The Invitation by Jude Deveraux


  Now the best Cole could hope for was to protect Dorie. Bending toward her, he put his hand under her chin and looked into her eyes. “The minute I go out that door, I want you to go through the opposite door and mingle with the other passengers. Do you understand me? No matter what you hear outside, stay on the train, and don’t let Ford know you have any connection with me.”

  Suddenly Cole felt sick to his stomach. If Ford killed him, what would keep that killer from boarding the train and plundering it? Even if Ford didn’t know that Dorie had any connection with him, he would see that she was young and vulnerable.
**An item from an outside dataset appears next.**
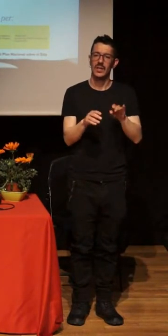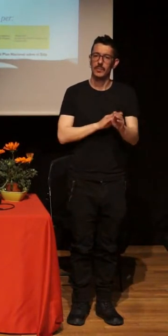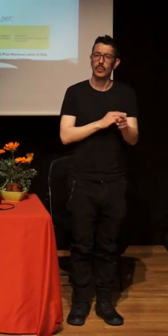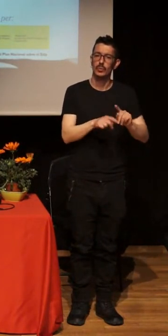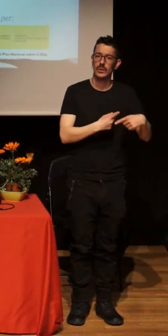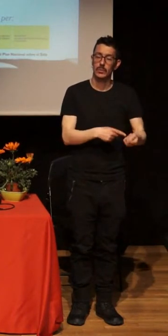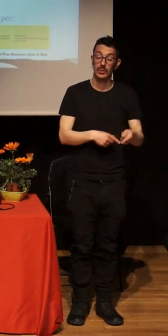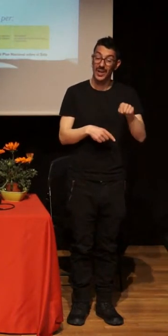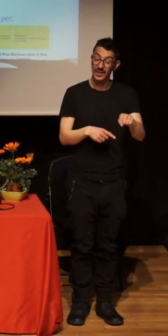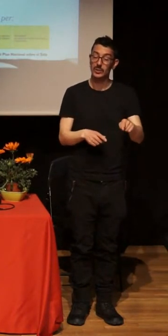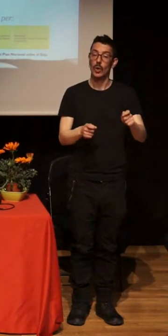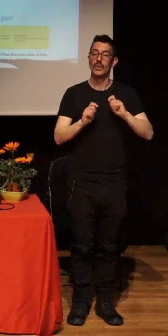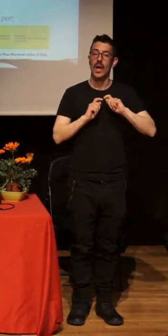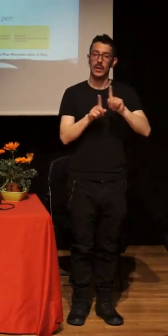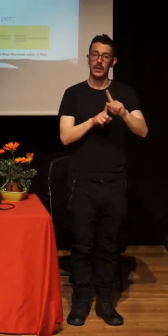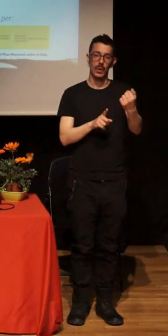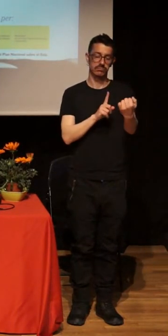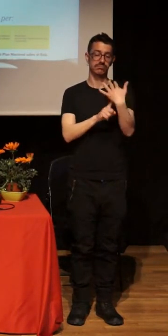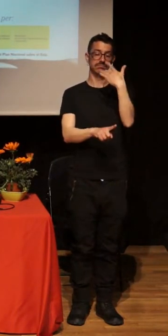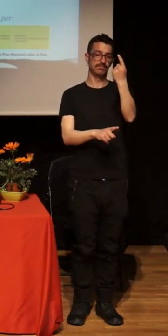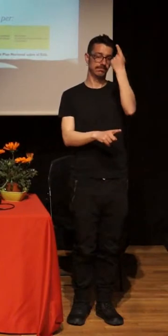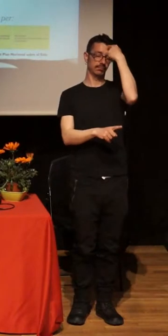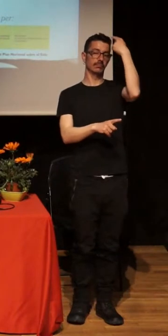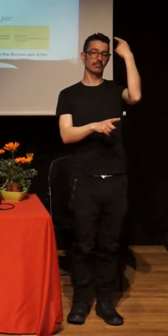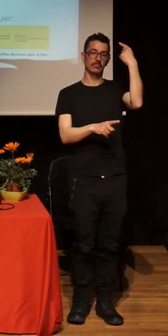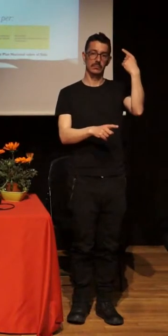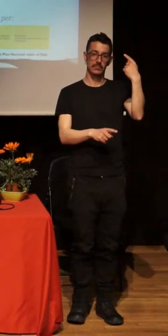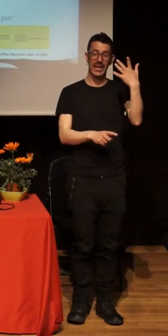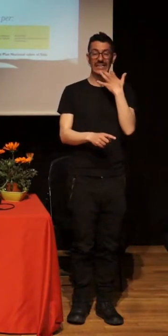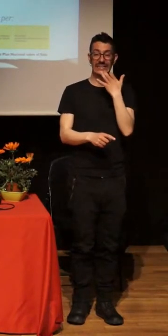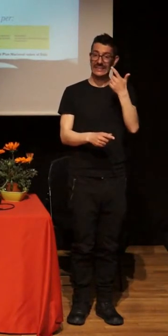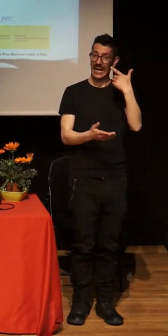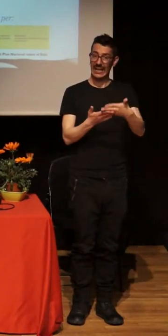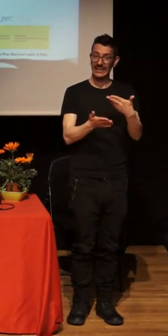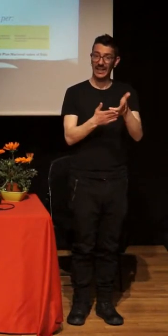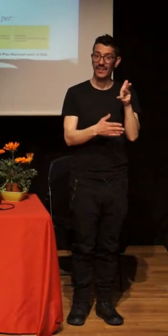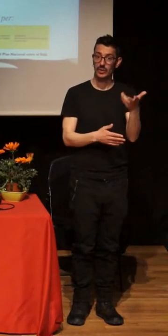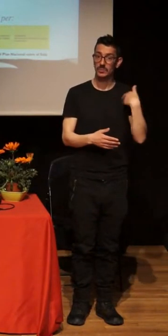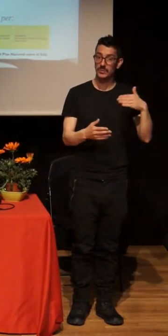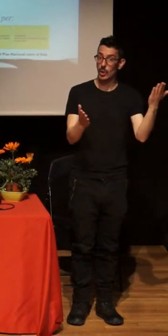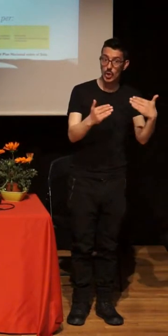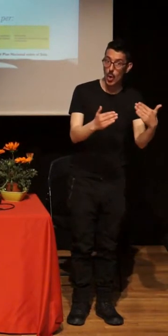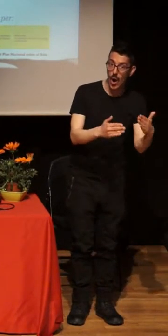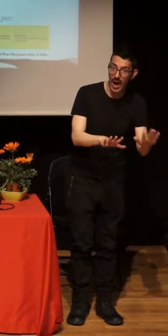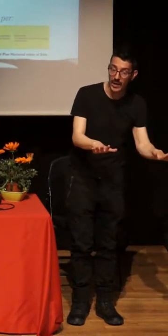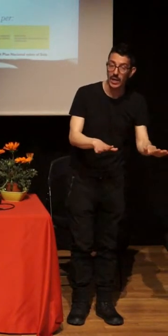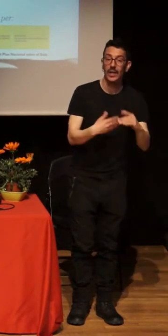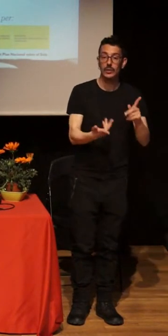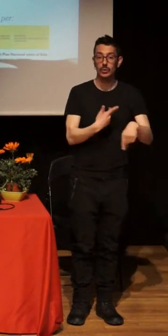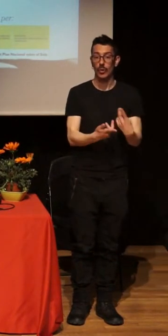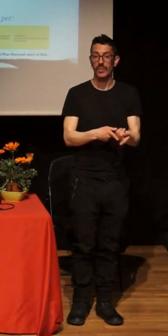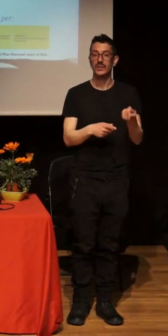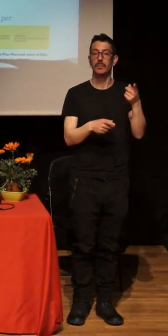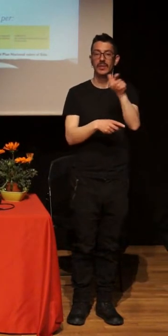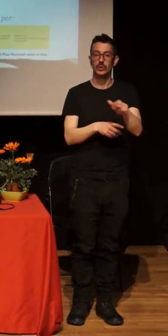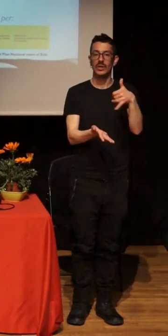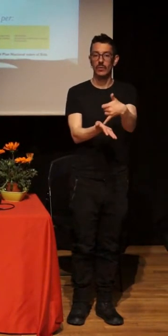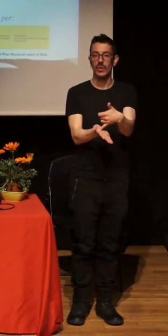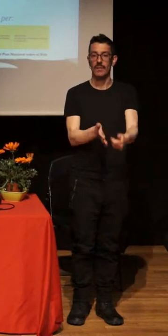que su no garantía también en una forma de vulneración, y es un mensaje que hacemos llegar a espacios educativos y a otros
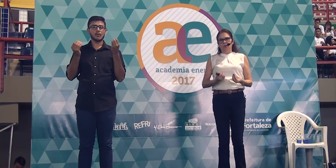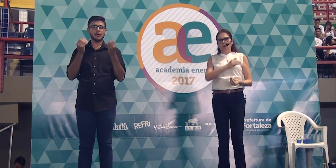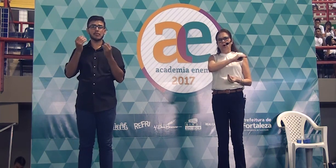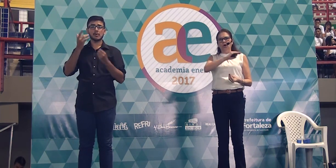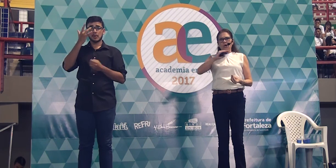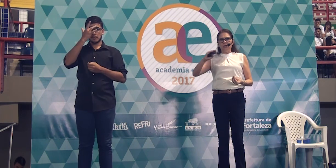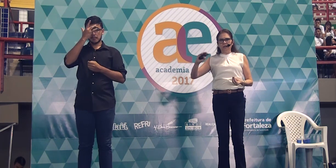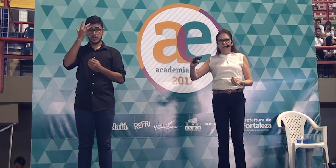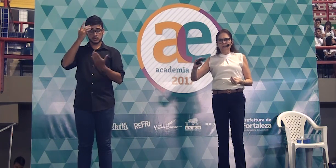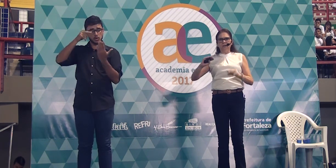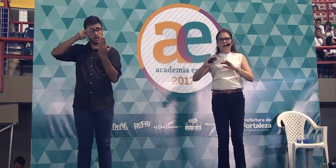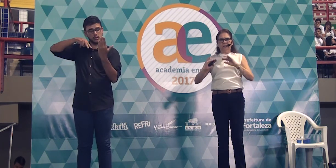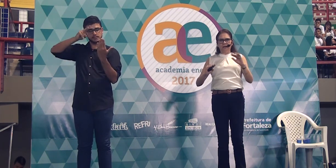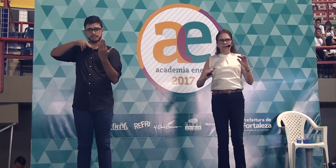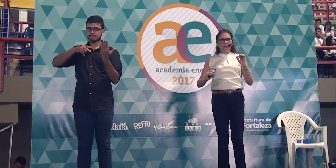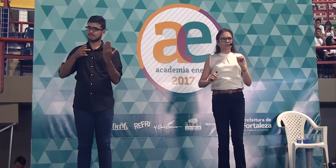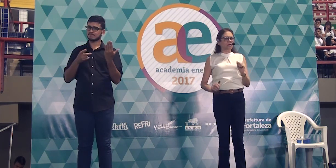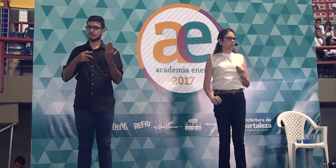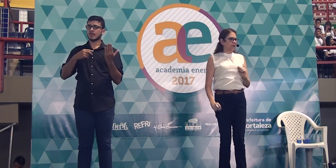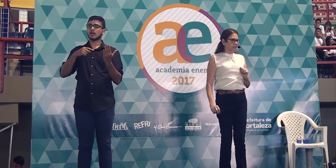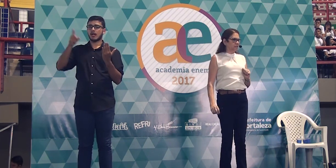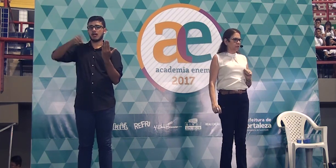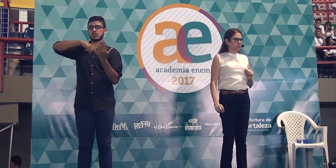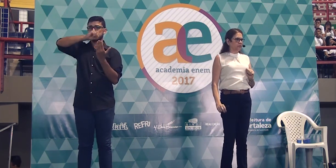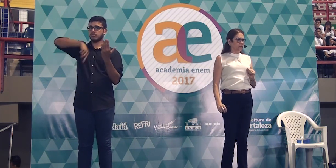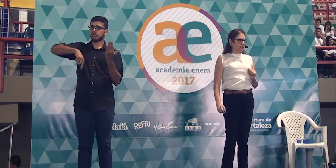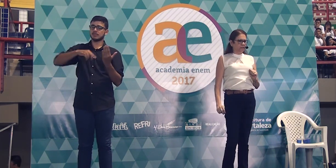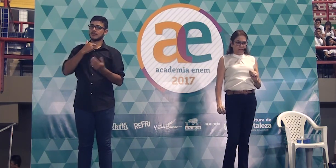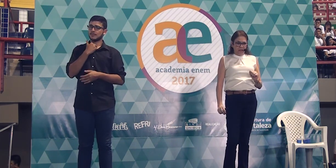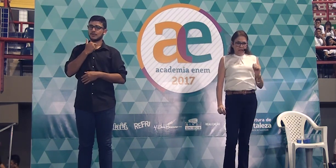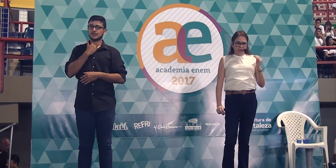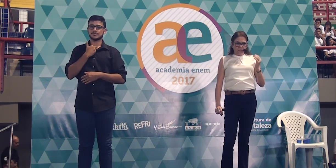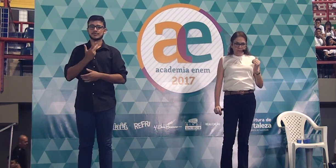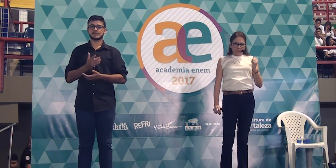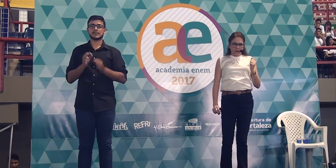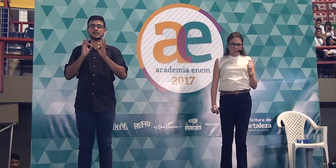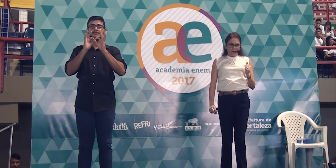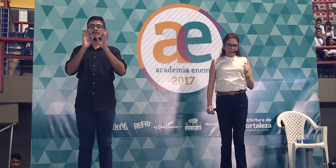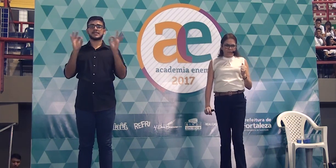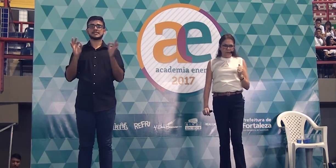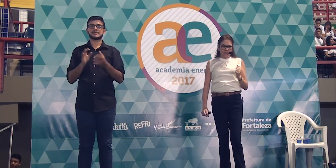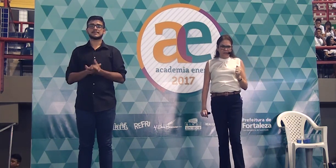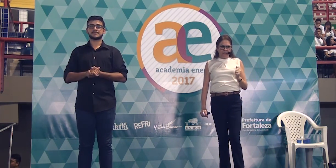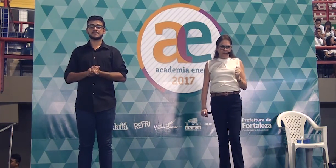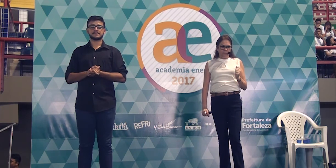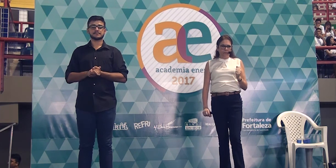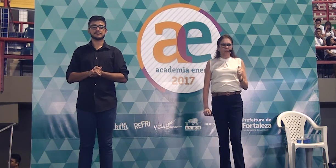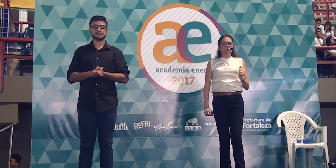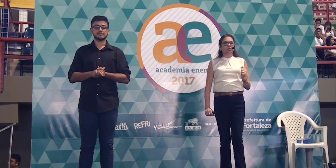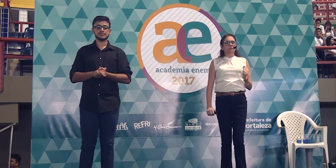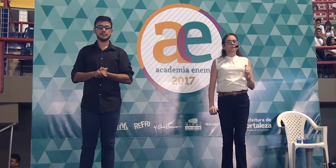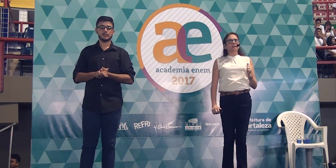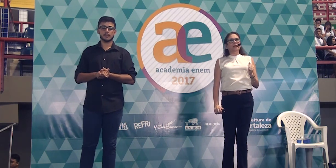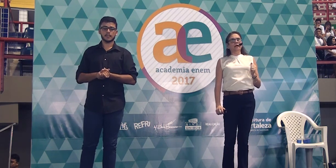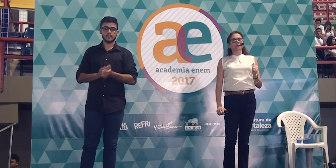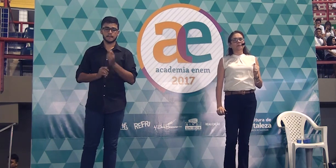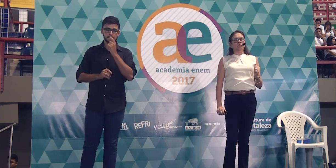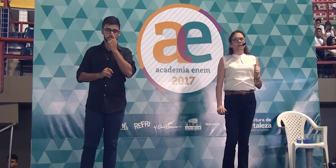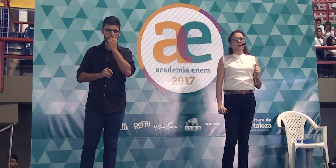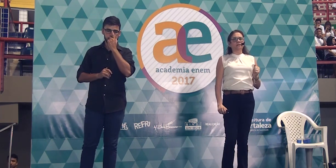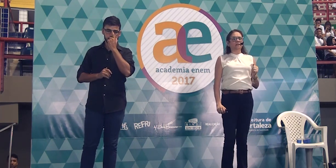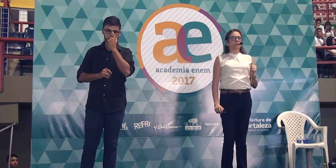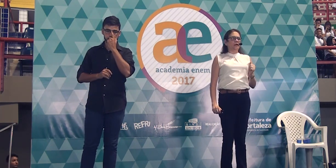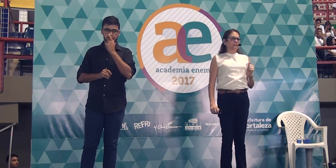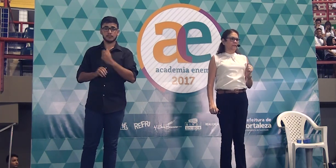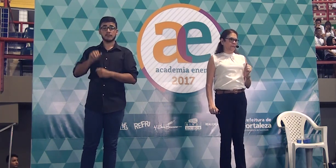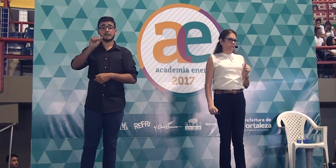tempo. Cortem da introdução da redação de vocês. Vamos para a quarta informação. A cada

And pretty, he thought, with her hair hanging down her back in a thick braid, with the soft ruffle of her nightgown about her neck and the way she was looking up at him. He was seeing what he would lose.

  Quickly, with great fervor, he kissed her, and when he drew away from her, he was almost dizzy from the kiss. “I’ll see you later, all right?” he said, pretending that he’d be back, but then he said, “Tell your sister to take care of you and that I said you deserve more of a man than Mr. Pepper.”

  He wanted her to smile at him, but she didn’t. Her eyes were huge, and he knew that if he stayed another minute he’d drown in them, and in that minute he was sure he was going to die. What had kept him alive all these years was the fact that he didn’t care whether he lived or died. But right now he did care. He cared very much.

  “Hunter, you got ten seconds and then I’m comin’ in.”

  “Take care of yourself, Apollodoria,” Cole whispered, then straightened up and went to the back door of the train car.

  “You took long enough,” Ford said when Cole emerged onto the platform at the back of the train.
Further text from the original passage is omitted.